Note the offset is relative from the beginning of the Mach-O header when it is loaded into memory. We can determine this what the true offset in memory is from 'nm'. When we ran nm earlier we saw:

00001000 A __mh_execute_header
00002000 T start

This indicates where the Just Light encrypted section will be located in memory before and after decryption.

In this case we got lucky and have a 'start' symbol pointing at the address 0x2000. However, 'start' is not always present in the symbol table, so a more reliable method is to take the offset for __mh_execute_header and add the 'cryptoff' value to that. This gives us 0x2000 too!

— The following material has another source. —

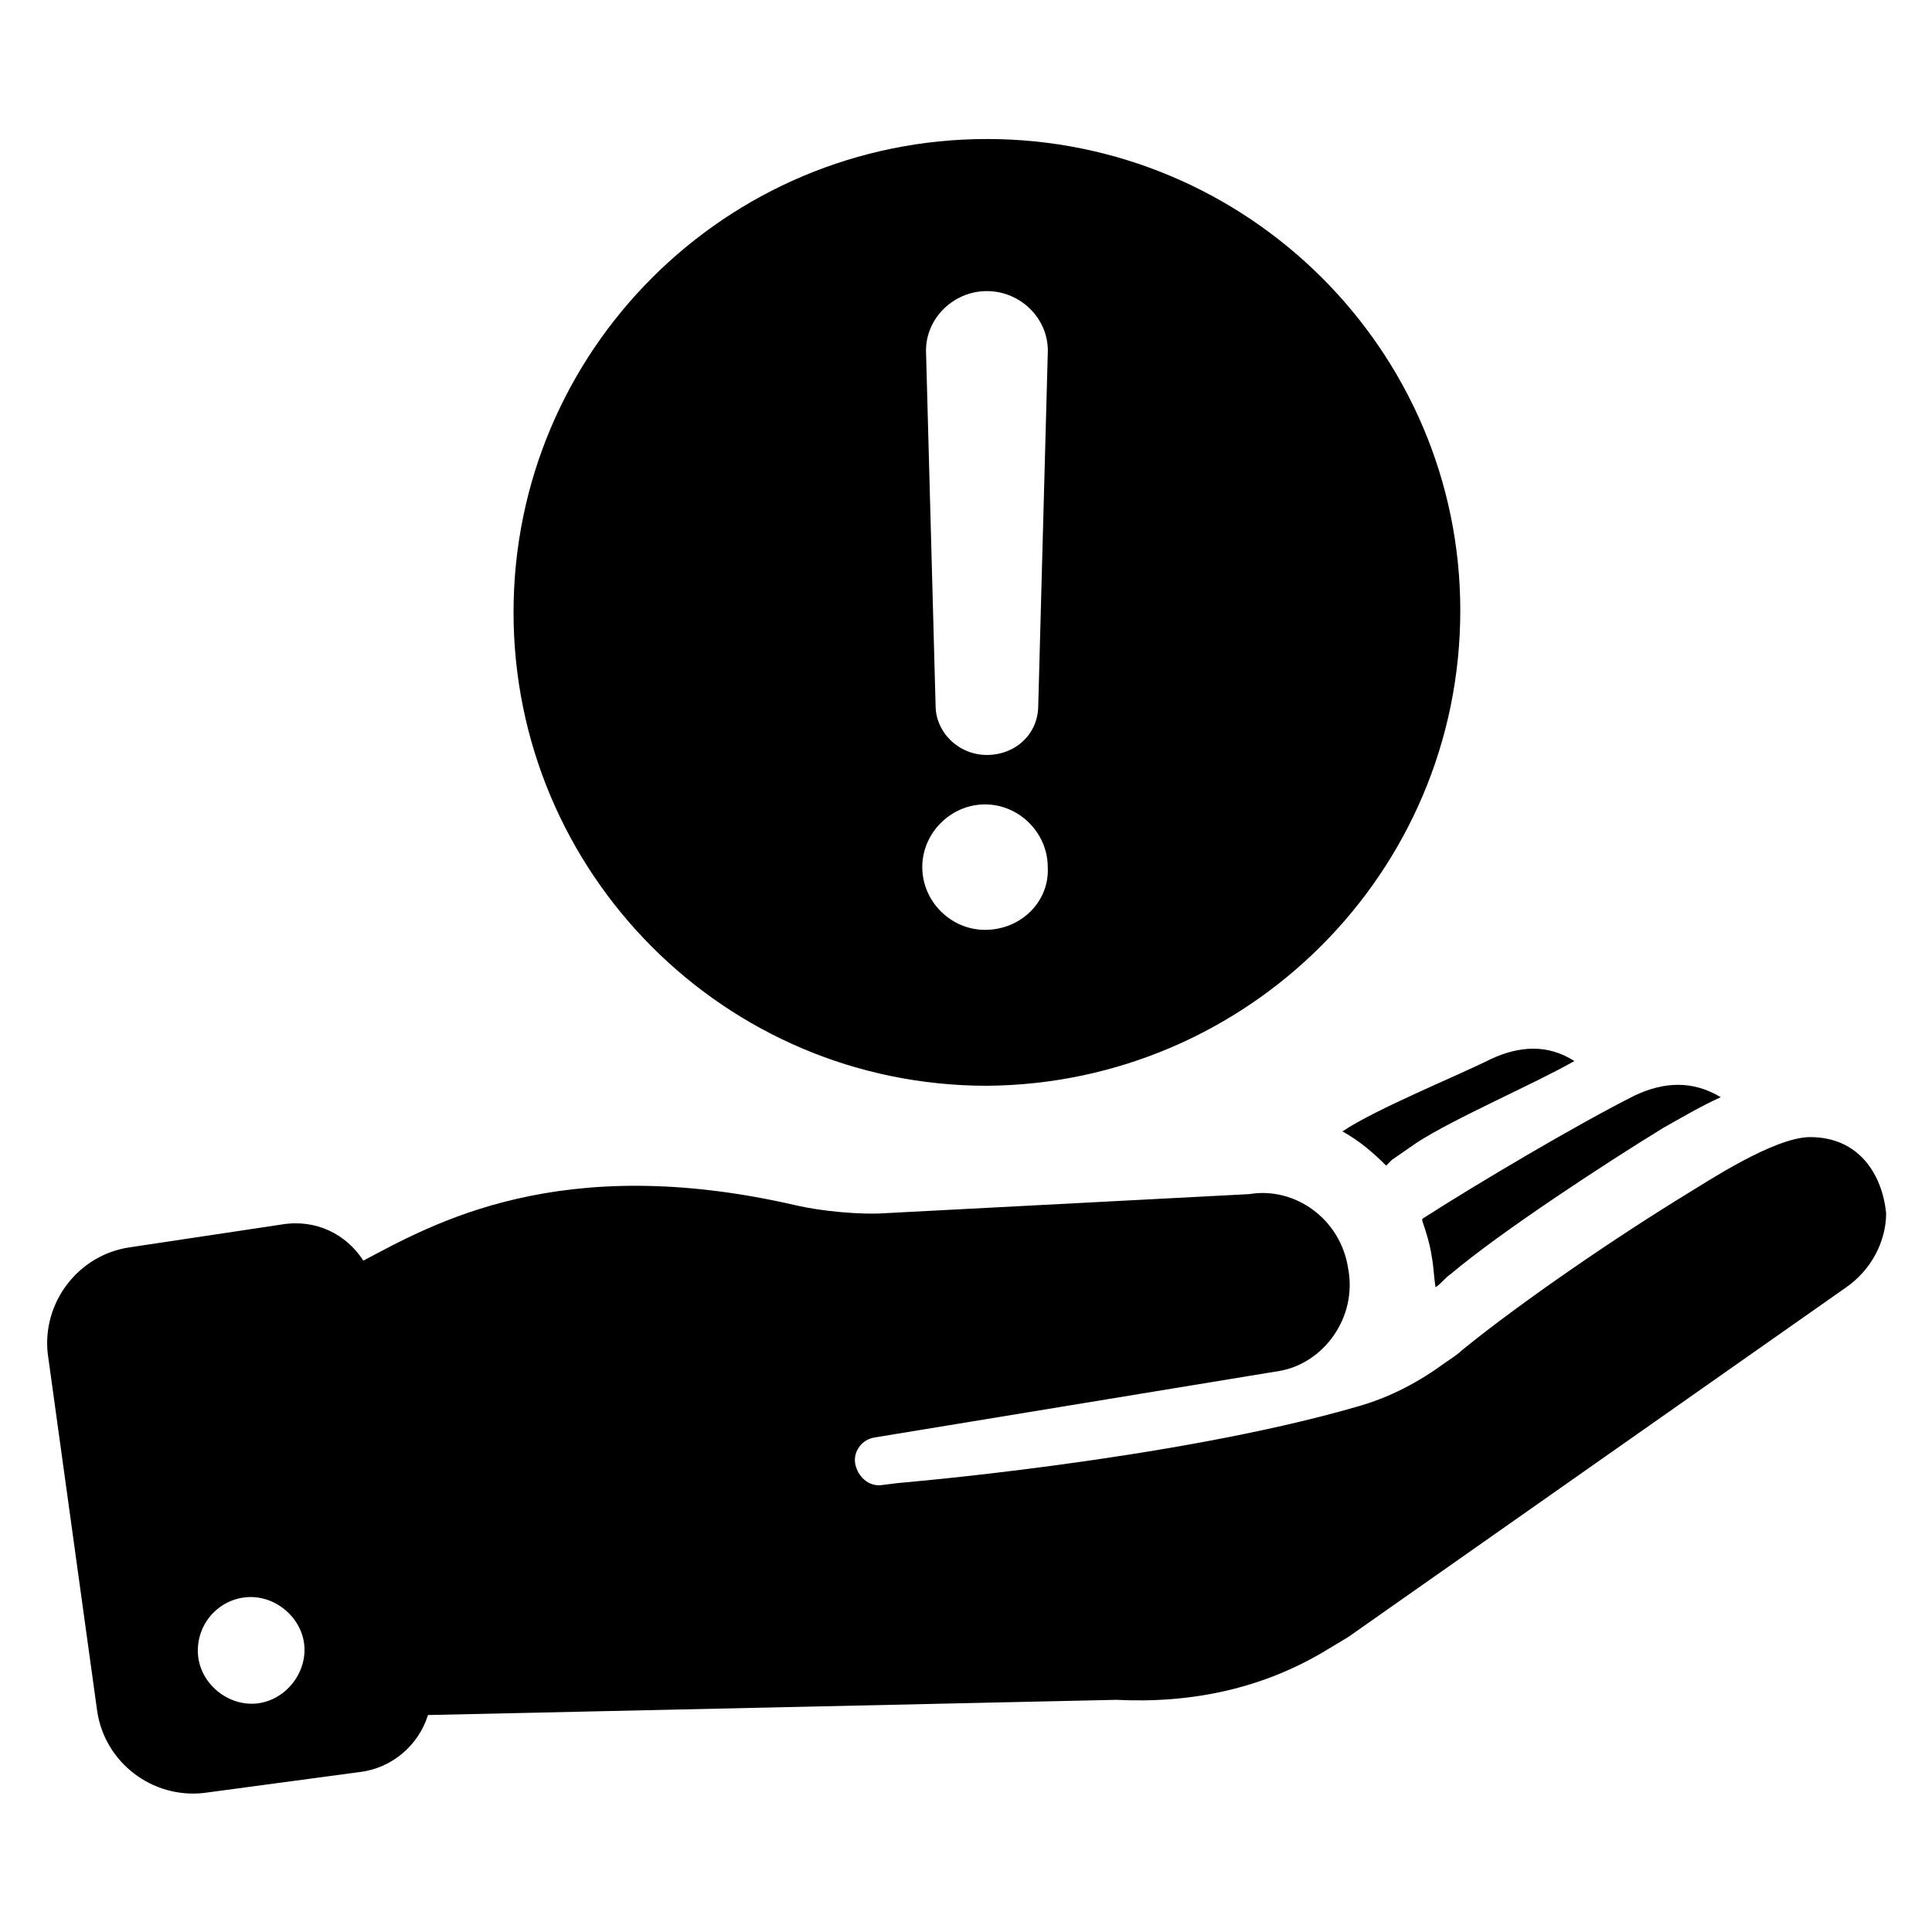 <?xml version="1.0" encoding="UTF-8"?>
<!-- Uploaded to: SVG Repo, www.svgrepo.com, Generator: SVG Repo Mixer Tools -->
<svg fill="#000000" width="800px" height="800px" version="1.1" viewBox="144 144 512 512" xmlns="http://www.w3.org/2000/svg">
 <path d="m156.66 502.78 13.098 94.715c2.016 13.602 14.609 23.176 28.215 21.664l41.312-5.543c8.566-1.008 15.617-7.055 18.137-15.113l182.38-4.031c20.152 1.008 39.297-3.023 56.426-13.602l5.039-3.023 132-92.699c6.551-4.535 10.578-12.09 10.578-19.648-1.008-10.078-7.055-20.156-20.152-20.156-9.574 0-27.711 12.09-32.746 15.113-18.137 11.082-43.328 28.215-59.449 41.312-1.008 1.008-2.519 2.016-4.031 3.023-7.559 5.543-15.113 9.574-24.184 12.09-48.871 14.105-121.42 20.152-121.42 20.152l-4.031 0.504c-3.023 0.504-6.047-1.512-7.055-5.039-1.008-3.527 1.512-7.055 5.039-7.559l107.31-17.633c11.586-2.016 20.656-14.105 18.137-27.207-2.016-13.098-14.105-21.664-26.199-19.648l-96.227 5.039c-6.551 0.504-17.129-0.504-23.68-2.016-62.977-14.609-96.73 5.039-114.87 14.609-4.535-7.055-12.594-11.082-21.664-9.574l-40.305 6.055c-13.605 2.016-23.176 14.609-21.664 28.215zm52.898 64.484c7.559-0.504 14.609 5.543 15.113 13.098 0.504 7.559-5.543 14.609-13.098 15.113-7.559 0.504-14.609-5.543-15.113-13.098-0.504-8.059 5.539-14.609 13.098-15.113zm313.88-90.18c-0.504-3.527-1.512-6.551-2.519-9.574v-0.504c14.105-9.07 41.312-25.191 56.426-32.746 7.559-3.527 15.113-4.031 22.672 0.504-5.543 2.519-10.578 5.543-15.113 8.062-15.617 9.574-43.328 27.711-56.426 38.793-1.512 1.008-2.519 2.519-4.031 3.527-0.504-3.023-0.504-5.543-1.008-8.062zm-12.094-24.184c-3.527-3.527-7.055-6.551-11.586-9.07 9.07-6.047 30.23-14.609 39.297-19.145 7.559-3.527 15.113-4.031 22.168 0.504-10.578 6.047-31.738 15.113-41.816 21.664l-6.551 4.535c-0.504 0.504-1.008 1.008-1.512 1.512zm-105.8-272.06c-69.023 0-125.45 55.922-125.45 125.45 0 69.023 55.922 125.45 125.45 125.45 69.023-0.504 125.45-56.426 125.45-125.95 0-69.02-56.426-124.95-125.45-124.95zm0 40.305c9.07 0 16.625 7.559 16.121 16.625l-2.519 93.203c0 7.559-6.047 13.098-13.602 13.098-7.559 0-13.602-6.047-13.602-13.098l-2.519-93.203c-0.504-9.066 7.055-16.625 16.121-16.625zm-0.504 169.28c-9.07 0-16.625-7.559-16.625-16.625 0-9.07 7.559-16.625 16.625-16.625 9.07 0 16.625 7.559 16.625 16.625 0.508 9.066-7.051 16.625-16.625 16.625z"/>
</svg>

The 'start' symbol also implies we should set a breakpoint at 0x2000 to get at decrypted code before it is run. However, it is not always there and technically, does strictly have to be the entrypoint of the program. A more reliable way of identifying the entrypoint is to again use 'otool -l' and find the LC_UNIXTHREAD load command.

Load command 8
        cmd LC_UNIXTHREAD
    cmdsize 84
     flavor ARM_THREAD_STATE
	    r0  0x00000000 r1     0x00000000 r2  0x00000000 r3  0x00000000
	    r4  0x00000000 r5     0x00000000 r6  0x00000000 r7  0x00000000
	    r8  0x00000000 r9     0x00000000 r10 0x00000000 r11 0x00000000
	    r12 0x00000000 r13    0x00000000 r14 0x00000000 r15 0x00002000
	    r16 0x00000000

The LC_UNIXTHREAD load command is initializes thread state when the main thread is created on launch. Initializing thread state is really just a matter of setting all the registers in the state you want them before executing the thread. Notice how r15 is set to 0x2000? In this case, r15 represents the program counter on ARM and the pc is the equivalient of eip on x86. This is a much more definitive indication for the entrypoint in our target. Note however, it does not necessarily have to point to the beginning of the encrypted section, but will almost always be somewhere inside it.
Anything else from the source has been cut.